▶ _Exercise description_
The following data needs to be repeated exactly, with all images excluded.

▶ _Data_
*** Block opens ***
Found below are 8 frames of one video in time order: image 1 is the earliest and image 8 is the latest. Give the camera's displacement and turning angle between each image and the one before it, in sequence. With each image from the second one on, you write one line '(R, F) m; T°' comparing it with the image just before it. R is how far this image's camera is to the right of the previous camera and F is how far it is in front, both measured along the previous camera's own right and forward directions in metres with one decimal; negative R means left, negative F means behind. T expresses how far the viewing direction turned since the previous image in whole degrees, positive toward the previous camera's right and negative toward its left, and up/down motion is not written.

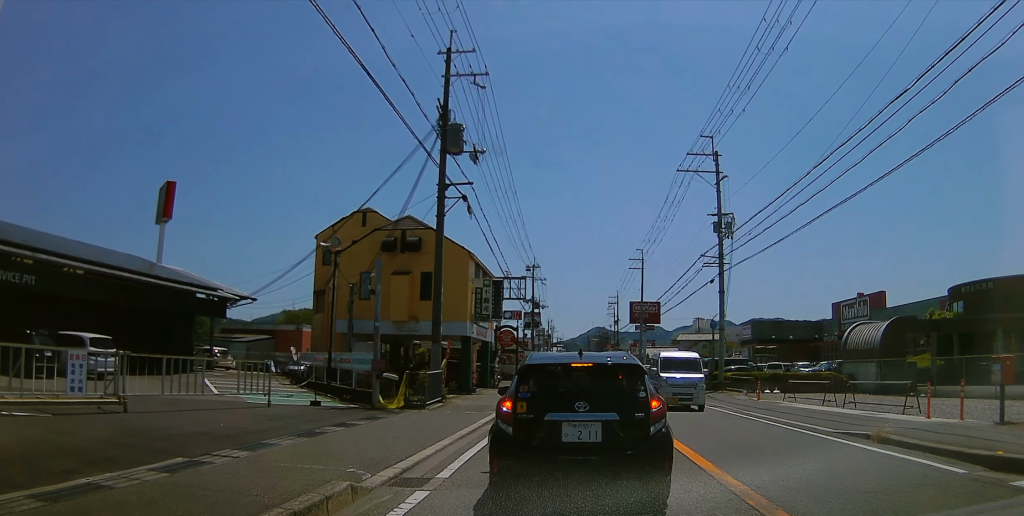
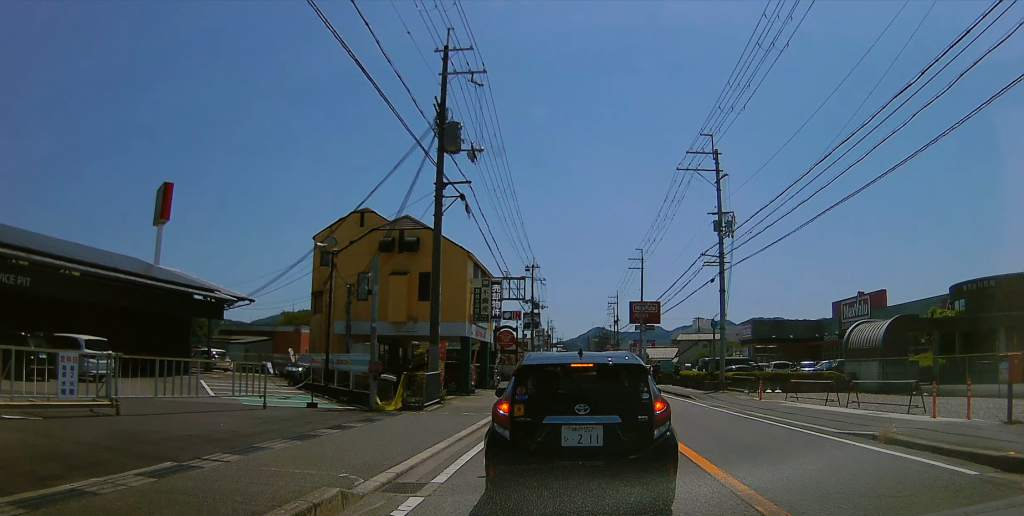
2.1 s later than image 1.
(0.0, +0.5) m; 0°
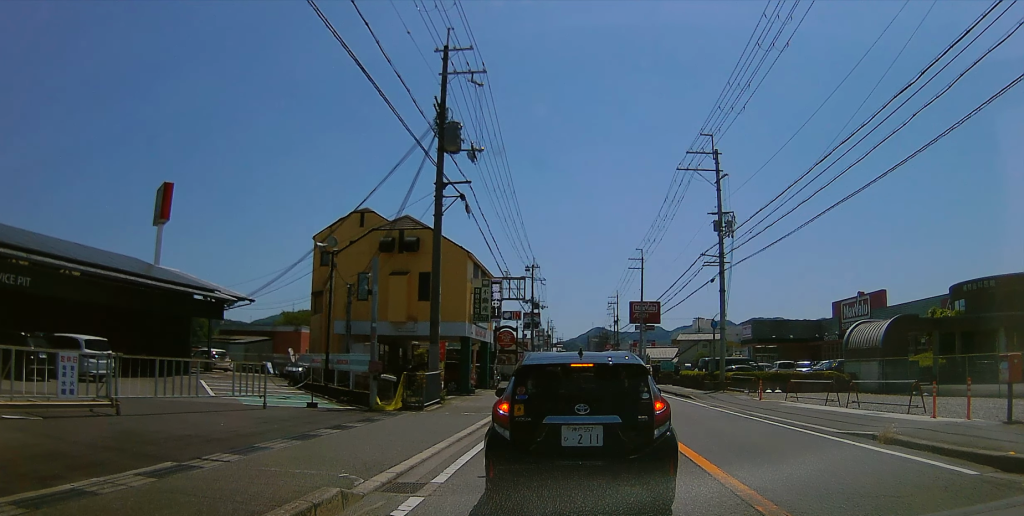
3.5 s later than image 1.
(0.0, 0.0) m; 0°
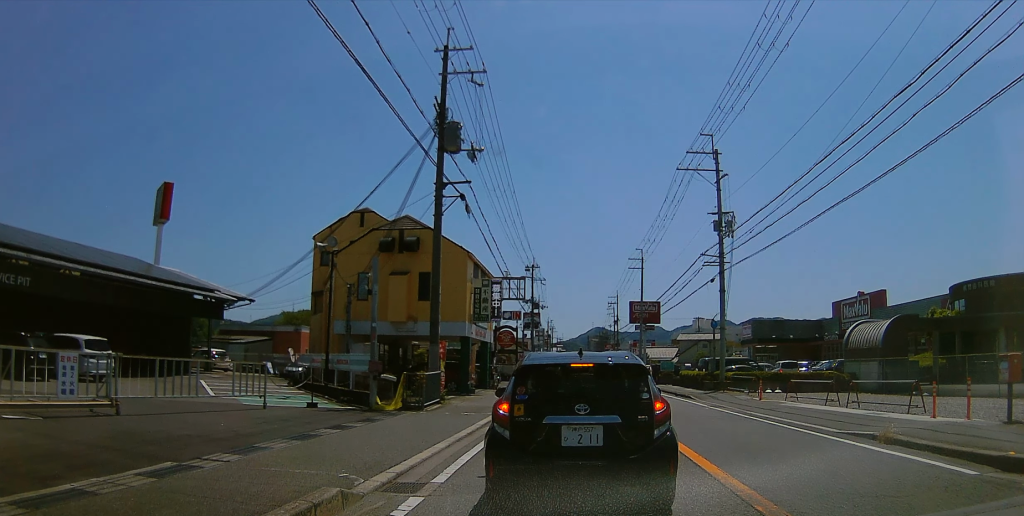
*** Block closes ***
▶ _Exercise result_
Found below are 8 frames of one video in time order: image 1 is the earliest and image 8 is the latest. Give the camera's displacement and turning angle between each image and the one before it, in sequence. With each image from the second one on, you write one line '(R, F) m; T°' comparing it with the image just before it. R is how far this image's camera is to the right of the previous camera and F is how far it is in front, both measured along the previous camera's own right and forward directions in metres with one decimal; negative R means left, negative F means behind. T expresses how far the viewing direction turned since the previous image in whole degrees, positive toward the previous camera's right and negative toward its left, and up/down motion is not written.

2.1 s later than image 1.
(0.0, +0.5) m; 0°
3.5 s later than image 1.
(0.0, 0.0) m; 0°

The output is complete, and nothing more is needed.